To this Roman Catholic, I dont quite understand why the church would want something like that.
I kinda think you’ve answered your own question. You are looking at Catholicism from a Roman Catholic perspective, as is understandable since that’s the Church you’ve sworn your allegiance to. You must be open to the fact, however, that the Catholic Church is much more than just the Roman Catholic Church. Our Catholic Church and the faith we profess is unique in that we enjoy unity without uniformity. That means that we stand unified in our allegiance to the Holy Father as the Successor of Peter and the spiritual pastor of all Catholics. We also stand unified in our dogmatic beliefs. The wonderful thing about Catholicism, however, is that we are free to express those same beliefs in varying ways. The beliefs are the same, although the way we express them may be very different!
Let me give you an example: in your post, you said that “…the sacraments are different…” This is simply not true. The grace that God imparts upon our souls upon reception of the sacraments is absolutely identical whether you are a Western (Roman) Catholic or an Eastern Catholic.

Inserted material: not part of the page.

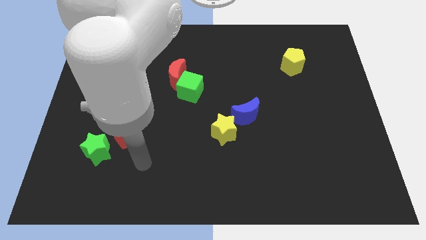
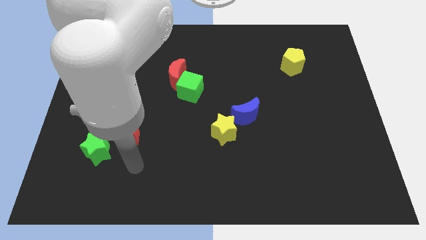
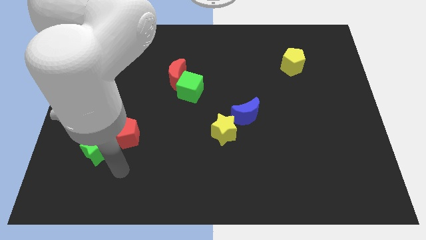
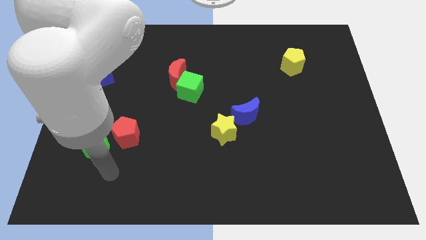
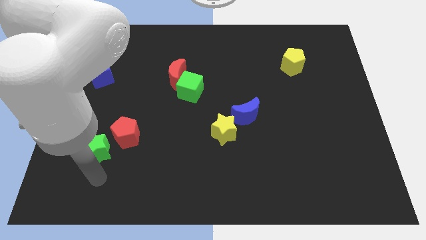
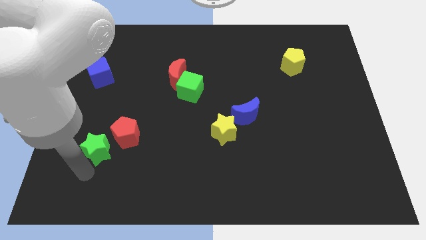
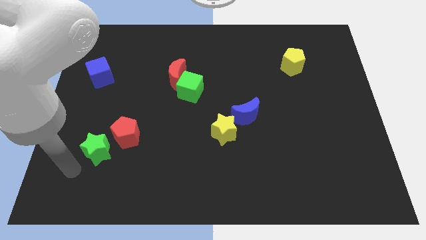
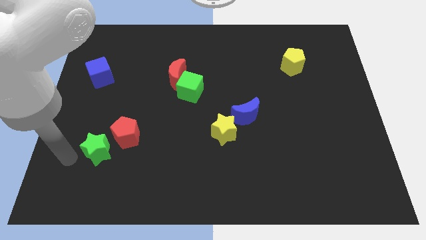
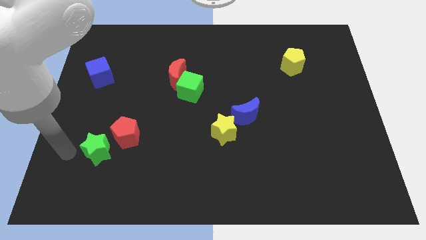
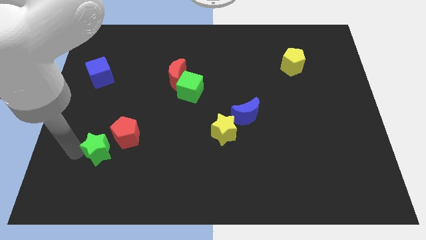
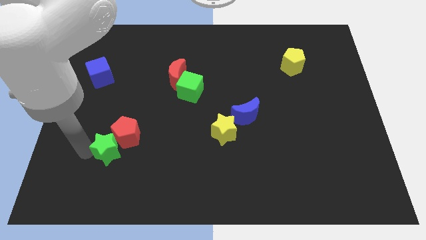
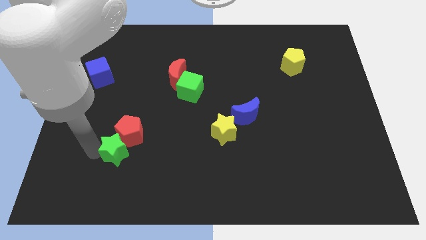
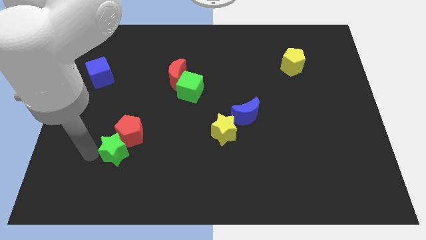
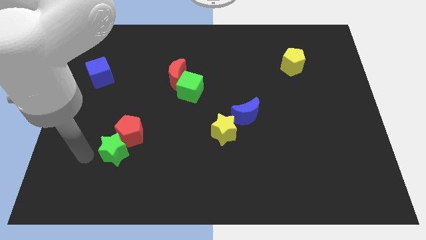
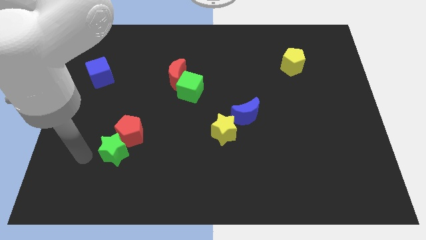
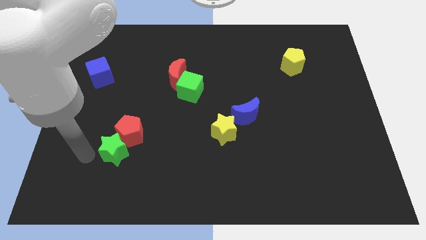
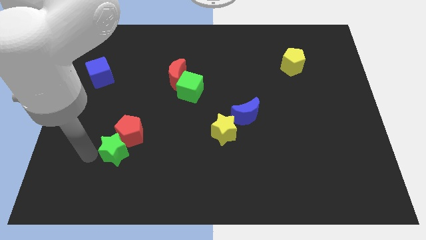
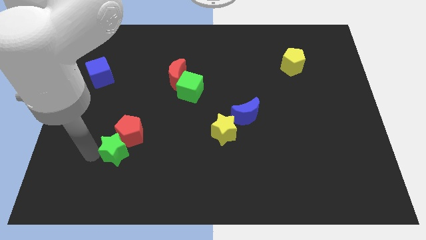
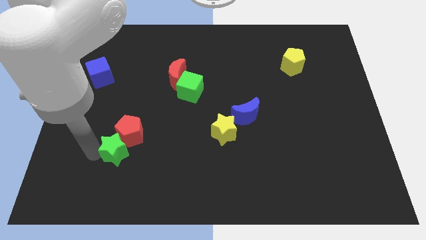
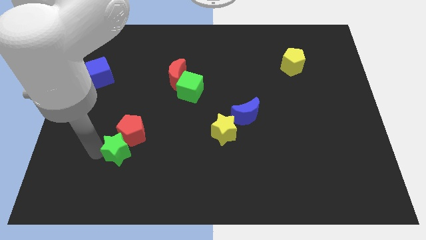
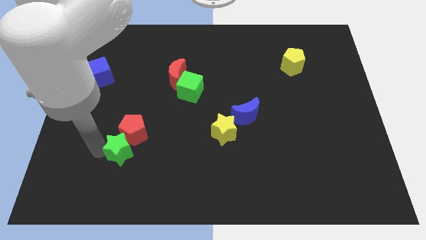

The only difference is the way and timing in which our respective Churches have chosen to administer those sacraments - they’re still the same sacraments, bearing the same grace!
Let’s look at the Sacraments of Initiation - Baptism, Confirmation and Holy Eucharist. These are called Sacraments of Initiation by our Church (Western and Eastern) because they are the sacraments through which an individual becomes an official member of the Church. Typically, in the Roman Catholic Church, the reception of these three sacraments is spaced over the first 14 or so years of an individual’s life. In the Eastern Catholic Church, these sacraments (Holy Mysteries, as we call them in the East) are all administered at the same time, thus fully completing the individual’s initiation as a full-fledged member of the Church. Now, if I were to look at the Western practice of spreading these sacraments out over 14 years through my Eastern Catholic eyes, I’d be likely to assume that the Western practice is wrong and that a baptized Roman Catholic infant isn’t “fully” Catholic because he’s not yet completed his Church-decreed “initiation.” I can’t do that, though, because as a Catholic, an individual who is just as Catholic as you, I am bound to accept our Church’s stand with regard to unity without uniformity. Our Holy Mother Church has stated that the Western practice of administering the Sacraments of Initiation over time is just as valid, just as Catholic, as the Eastern practice. Though your practice may seem “wrong” to me, I accept that it is proper because our Church says it is!
I ask that you do the same. I ask that you try to look at the differences in the way we express our Catholicism as something that we can celebrate rather than as something that separates us.
Try to look at it this way… ** the Eastern Catholic Churches today
represent exactly the state of the Eastern Churches before the schisms. They are entirely and uncompromisingly Catholics in our strictest sense of the word, quite as much as Latins. They accept the whole Catholic Faith and the authority of the pope as visible head of the Catholic Church, as did St. Athanasius, St. Basil, St. John Chrysostom.
**My thanks to Vincent, whose words I’ve shamelessly “stolen” from a few posts back in this thread, because they so aptly sum up what I’m trying to say here!